Jeff Nichols Wants to Make More Than ‘Obscure Indie Films’

“I don’t want to make movies in a vacuum and I don’t want to just make obscure indie films. I want to make movies that people really watch and enjoy and love.”

By Laura RiceMarch 15, 2016 3:18 pm

Most moviegoers’ list of Austin filmmakers probably starts with Richard Linklater and Robert Rodriguez and film buffs will be quick to add Terrence Malick. Another who seems to be poised to become a household name is Jeff Nichols.

Nichols wrote and directed “Mud”, released in 2012 and starring fellow Austinite Matthew McConaughey. His latest film is “Midnight Special,” which had its North American premiere over the weekend at South by Southwest.

Nichols dabbled with sci-fi in “Take Shelter” in 2011, Nichols’s second feature film. But the film’s simplest explanation – a sci-fi chase movie – misses its significance.

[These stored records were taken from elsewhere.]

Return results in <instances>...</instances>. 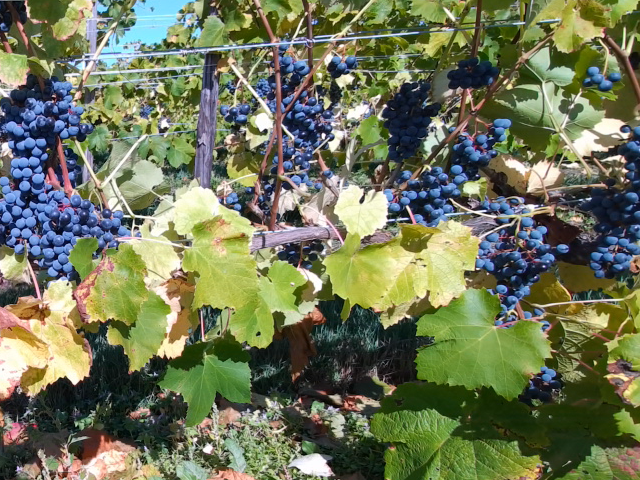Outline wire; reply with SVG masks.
<instances>
[{
  "instance_id": "wire-3",
  "label": "wire",
  "mask_w": 640,
  "mask_h": 480,
  "mask_svg": "<svg viewBox=\"0 0 640 480\" xmlns=\"http://www.w3.org/2000/svg\"><path fill=\"white\" fill-rule=\"evenodd\" d=\"M545 206H546L545 202L533 203V204H520V205H516L514 207V210L518 211L522 209H536V208H543Z\"/></svg>"
},
{
  "instance_id": "wire-2",
  "label": "wire",
  "mask_w": 640,
  "mask_h": 480,
  "mask_svg": "<svg viewBox=\"0 0 640 480\" xmlns=\"http://www.w3.org/2000/svg\"><path fill=\"white\" fill-rule=\"evenodd\" d=\"M304 226L300 225V226H296V227H287V228H282V229H274V230H256L253 232V235H272V234H280V233H287V232H292V231H300L303 230Z\"/></svg>"
},
{
  "instance_id": "wire-1",
  "label": "wire",
  "mask_w": 640,
  "mask_h": 480,
  "mask_svg": "<svg viewBox=\"0 0 640 480\" xmlns=\"http://www.w3.org/2000/svg\"><path fill=\"white\" fill-rule=\"evenodd\" d=\"M528 24H529L528 20H515L510 22L478 24V25H472V26L442 27V28L419 29V30H412V31H395V32L364 34V35H356V36L349 35L346 37L297 38V39H289L284 41H272V42H263V43L221 45V46H217L214 48H207V49H181V50H175V51L118 53V54H111L108 56H98V57H69V58L58 59L56 61V64L61 65V64L72 63V62L111 61L112 59H121V58L177 56V55H183V54H209V53H216L223 50L266 48V47H274V46H286V45L299 44V43H332V42H348V41L355 42V41L366 40V39H378V38L397 37V36H414V35H421V34H433V33H444V32L474 31V30H480V29L503 28V27H512L517 25H528Z\"/></svg>"
}]
</instances>
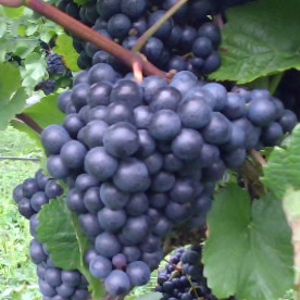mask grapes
Masks as SVG:
<instances>
[{
    "label": "grapes",
    "mask_w": 300,
    "mask_h": 300,
    "mask_svg": "<svg viewBox=\"0 0 300 300\" xmlns=\"http://www.w3.org/2000/svg\"><path fill=\"white\" fill-rule=\"evenodd\" d=\"M58 108L66 119L44 127L39 144L94 244L89 273L109 295L147 284L173 225H204L217 179L298 124L266 88L229 91L189 70L139 84L108 63L80 71Z\"/></svg>",
    "instance_id": "obj_1"
}]
</instances>

“I’ve done enough films now to know that plot isn’t the thing in and of itself,” he says. “I took this idea of a sci-fi government chase movie and I really just made it a metaphor for how I feel about being a new parent, and for the relationship between my son and I.”

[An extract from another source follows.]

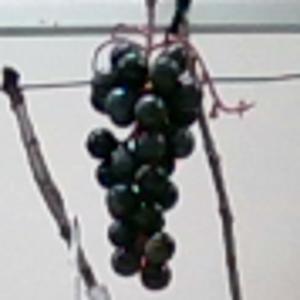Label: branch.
Returning a JSON list of instances; mask_svg holds the SVG:
<instances>
[{"label":"branch","mask_w":300,"mask_h":300,"mask_svg":"<svg viewBox=\"0 0 300 300\" xmlns=\"http://www.w3.org/2000/svg\"><path fill=\"white\" fill-rule=\"evenodd\" d=\"M189 73V76L194 78L197 82V85L202 89V83L200 81V77L198 75V66L196 65V57L194 55L193 63L186 69Z\"/></svg>","instance_id":"45aa463d"},{"label":"branch","mask_w":300,"mask_h":300,"mask_svg":"<svg viewBox=\"0 0 300 300\" xmlns=\"http://www.w3.org/2000/svg\"><path fill=\"white\" fill-rule=\"evenodd\" d=\"M200 110L198 125L202 135V150L207 164L212 171L215 192L218 194V210L220 226L222 227V240L225 245V260L228 270L229 290L231 300H243L240 286L239 258L235 243L236 217L230 211V197L227 195V184L222 176L221 157L217 154L215 142L209 128L205 101Z\"/></svg>","instance_id":"325d2c04"},{"label":"branch","mask_w":300,"mask_h":300,"mask_svg":"<svg viewBox=\"0 0 300 300\" xmlns=\"http://www.w3.org/2000/svg\"><path fill=\"white\" fill-rule=\"evenodd\" d=\"M195 5V0H172V14L168 25L164 29L166 41L178 37L184 45H189L190 26L189 15Z\"/></svg>","instance_id":"170604dd"},{"label":"branch","mask_w":300,"mask_h":300,"mask_svg":"<svg viewBox=\"0 0 300 300\" xmlns=\"http://www.w3.org/2000/svg\"><path fill=\"white\" fill-rule=\"evenodd\" d=\"M1 69L2 91H5L7 103L16 115L17 131L19 132L23 155L28 162L35 186L46 202L52 225L65 243L66 251L71 253L72 259L77 264L90 296L94 300H103L97 278L88 264L83 248L71 230L60 190L54 183L49 167L42 156L32 114L24 98L23 90L18 85L20 75L13 67L5 64Z\"/></svg>","instance_id":"30e6481e"}]
</instances>

Nichols says articles about the Fundamentalist Church of Jesus Christ of Latter-day Saints (FLDS) ranch in south Texas inspired a scene in his film – especially a moment that described how federal agents moved children away from their parents to interview them about when they were born.

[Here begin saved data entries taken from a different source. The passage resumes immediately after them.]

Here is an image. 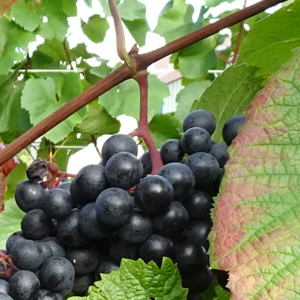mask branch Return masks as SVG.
Segmentation results:
<instances>
[{
    "mask_svg": "<svg viewBox=\"0 0 300 300\" xmlns=\"http://www.w3.org/2000/svg\"><path fill=\"white\" fill-rule=\"evenodd\" d=\"M285 2L286 0H260L241 11L225 15L217 21L202 26L187 35L173 40L159 48L148 51L145 54H138L136 51H131L126 56L125 63H123L115 71L100 79L70 102L63 104L55 112L51 113L48 117L36 125H33L29 130L24 132L22 135H19L14 141L1 150L0 166H4L10 158L15 157L21 150L51 131L66 118L87 107L92 102L96 101L101 95L111 91L119 83L127 79H134L137 74L146 70L153 63L158 62L175 52L185 49L188 46H192L211 35L227 29L228 27H232L244 20L253 18L265 12L268 8Z\"/></svg>",
    "mask_w": 300,
    "mask_h": 300,
    "instance_id": "obj_1",
    "label": "branch"
}]
</instances>

“I thought, Well, how interesting that you could be born onto a ranch like that and have no birth record,” Nichols says. “So I thought if you had a child with superpowers, he could actually be born in this cloistered community and no one would know about him.”

Nichols moved in with his parents in Little Rock, Ark., for a year after finishing film school in North Carolina. He moved to Austin because his brother got into law school at the University of Texas. He helped out filming a documentary called “Be Here To Love Me” and thought about moving back to Arkansas, until the documentary director Margaret Brown introduced him to a friend of hers that needed a new roommate – the woman who Nichols later married.

Nichols, who Wired dubbed Hollywood’s next blockbuster auteur, hasn’t shied away from the more commercial aspects of writing and directing films.

“The problem is, I do like the idea of making movies that are accessible to people,” he says. “I don’t want to make movies in a vacuum and I don’t want to just make obscure indie films. I want to make movies that people really watch and enjoy and love.”

“Midnight Special” opens this Friday.